=== TASK DESCRIPTION ===
Every line below between the line holding "#23927 = CARTESIAN_POINT" and the line holding "#35002 = VERTEX_POINT ( 'NONE', #33376 ) ;", inclusive, should be repeated exactly, and all other lines omitted.

Start of THE RECORDS

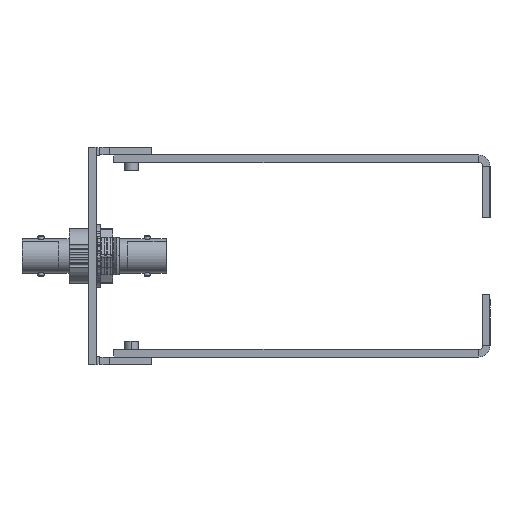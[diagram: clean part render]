
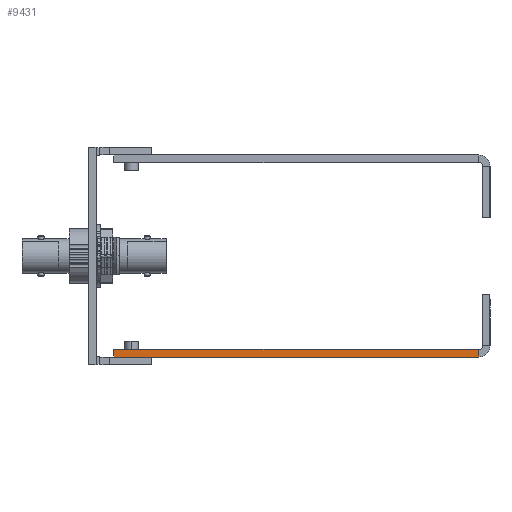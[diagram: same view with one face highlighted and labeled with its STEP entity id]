
A CAD part, left-side view. The second image highlights one B-rep face of the part: STEP entity #9431.
In plain terms, the highlighted face is planar.
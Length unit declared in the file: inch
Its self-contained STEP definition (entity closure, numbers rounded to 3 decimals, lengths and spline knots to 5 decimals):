
#2888 = EDGE_CURVE ( 'NONE', #35002, #21447, #12655, .T. ) ;
#3509 = DIRECTION ( 'NONE',  ( 0., 1., 0. ) ) ;
#5198 = AXIS2_PLACEMENT_3D ( 'NONE', #13857, #36112, #17043 ) ;
#6711 = DIRECTION ( 'NONE',  ( 1., 0., 0. ) ) ;
#7009 = EDGE_CURVE ( 'NONE', #21581, #35002, #28954, .T. ) ;
#7775 = CARTESIAN_POINT ( 'NONE',  ( -1.5, 0.19, -0.5 ) ) ;
#8587 = DIRECTION ( 'NONE',  ( 0., 1., 0. ) ) ;
#9431 = ADVANCED_FACE ( 'NONE', ( #25469 ), #20071, .F. ) ;
#10292 = LINE ( 'NONE', #15024, #17694 ) ;
#10806 = EDGE_LOOP ( 'NONE', ( #37989, #11212, #21694, #23071 ) ) ;
#11212 = ORIENTED_EDGE ( 'NONE', *, *, #2888, .F. ) ;
#11373 = EDGE_CURVE ( 'NONE', #18136, #21447, #10292, .T. ) ;
#11455 = DIRECTION ( 'NONE',  ( 1., 0., 0. ) ) ;
#11701 = VECTOR ( 'NONE', #3509, 39.37008 ) ;
#12655 = LINE ( 'NONE', #19201, #11701 ) ;
#12942 = CARTESIAN_POINT ( 'NONE',  ( -1.5, 0.19, -0.5 ) ) ;
#13857 = CARTESIAN_POINT ( 'NONE',  ( -1.5, -5.96216, -0.5 ) ) ;
#14343 = EDGE_CURVE ( 'NONE', #21581, #18136, #39765, .T. ) ;
#15024 = CARTESIAN_POINT ( 'NONE',  ( -1.5, 0.25, -0.5 ) ) ;
#17043 = DIRECTION ( 'NONE',  ( 0., 1., 0. ) ) ;
#17694 = VECTOR ( 'NONE', #11455, 39.37008 ) ;
#18003 = CARTESIAN_POINT ( 'NONE',  ( -1.5, -5.96216, -0.5 ) ) ;
#18136 = VERTEX_POINT ( 'NONE', #23927 ) ;
#19201 = CARTESIAN_POINT ( 'NONE',  ( 1.409, -5.96216, -0.5 ) ) ;
#20071 = PLANE ( 'NONE',  #5198 ) ;
#20459 = VECTOR ( 'NONE', #6711, 39.37008 ) ;
#21447 = VERTEX_POINT ( 'NONE', #27155 ) ;
#21581 = VERTEX_POINT ( 'NONE', #7775 ) ;
#21694 = ORIENTED_EDGE ( 'NONE', *, *, #7009, .F. ) ;
#23071 = ORIENTED_EDGE ( 'NONE', *, *, #14343, .T. ) ;
#23927 = CARTESIAN_POINT ( 'NONE',  ( -1.5, 0.25, -0.5 ) ) ;
#25469 = FACE_OUTER_BOUND ( 'NONE', #10806, .T. ) ;
#27155 = CARTESIAN_POINT ( 'NONE',  ( 1.409, 0.25, -0.5 ) ) ;
#28954 = LINE ( 'NONE', #12942, #20459 ) ;
#31330 = VECTOR ( 'NONE', #8587, 39.37008 ) ;
#33376 = CARTESIAN_POINT ( 'NONE',  ( 1.409, 0.19, -0.5 ) ) ;
#35002 = VERTEX_POINT ( 'NONE', #33376 ) ;
#36112 = DIRECTION ( 'NONE',  ( 0., 0., 1. ) ) ;
#37989 = ORIENTED_EDGE ( 'NONE', *, *, #11373, .T. ) ;
#39765 = LINE ( 'NONE', #18003, #31330 ) ;

End of THE RECORDS

=== RESPONSE TO THIS EXERCISE ===
#23927 = CARTESIAN_POINT ( 'NONE',  ( -1.5, 0.25, -0.5 ) ) ;
#25469 = FACE_OUTER_BOUND ( 'NONE', #10806, .T. ) ;
#27155 = CARTESIAN_POINT ( 'NONE',  ( 1.409, 0.25, -0.5 ) ) ;
#28954 = LINE ( 'NONE', #12942, #20459 ) ;
#31330 = VECTOR ( 'NONE', #8587, 39.37008 ) ;
#33376 = CARTESIAN_POINT ( 'NONE',  ( 1.409, 0.19, -0.5 ) ) ;
#35002 = VERTEX_POINT ( 'NONE', #33376 ) ;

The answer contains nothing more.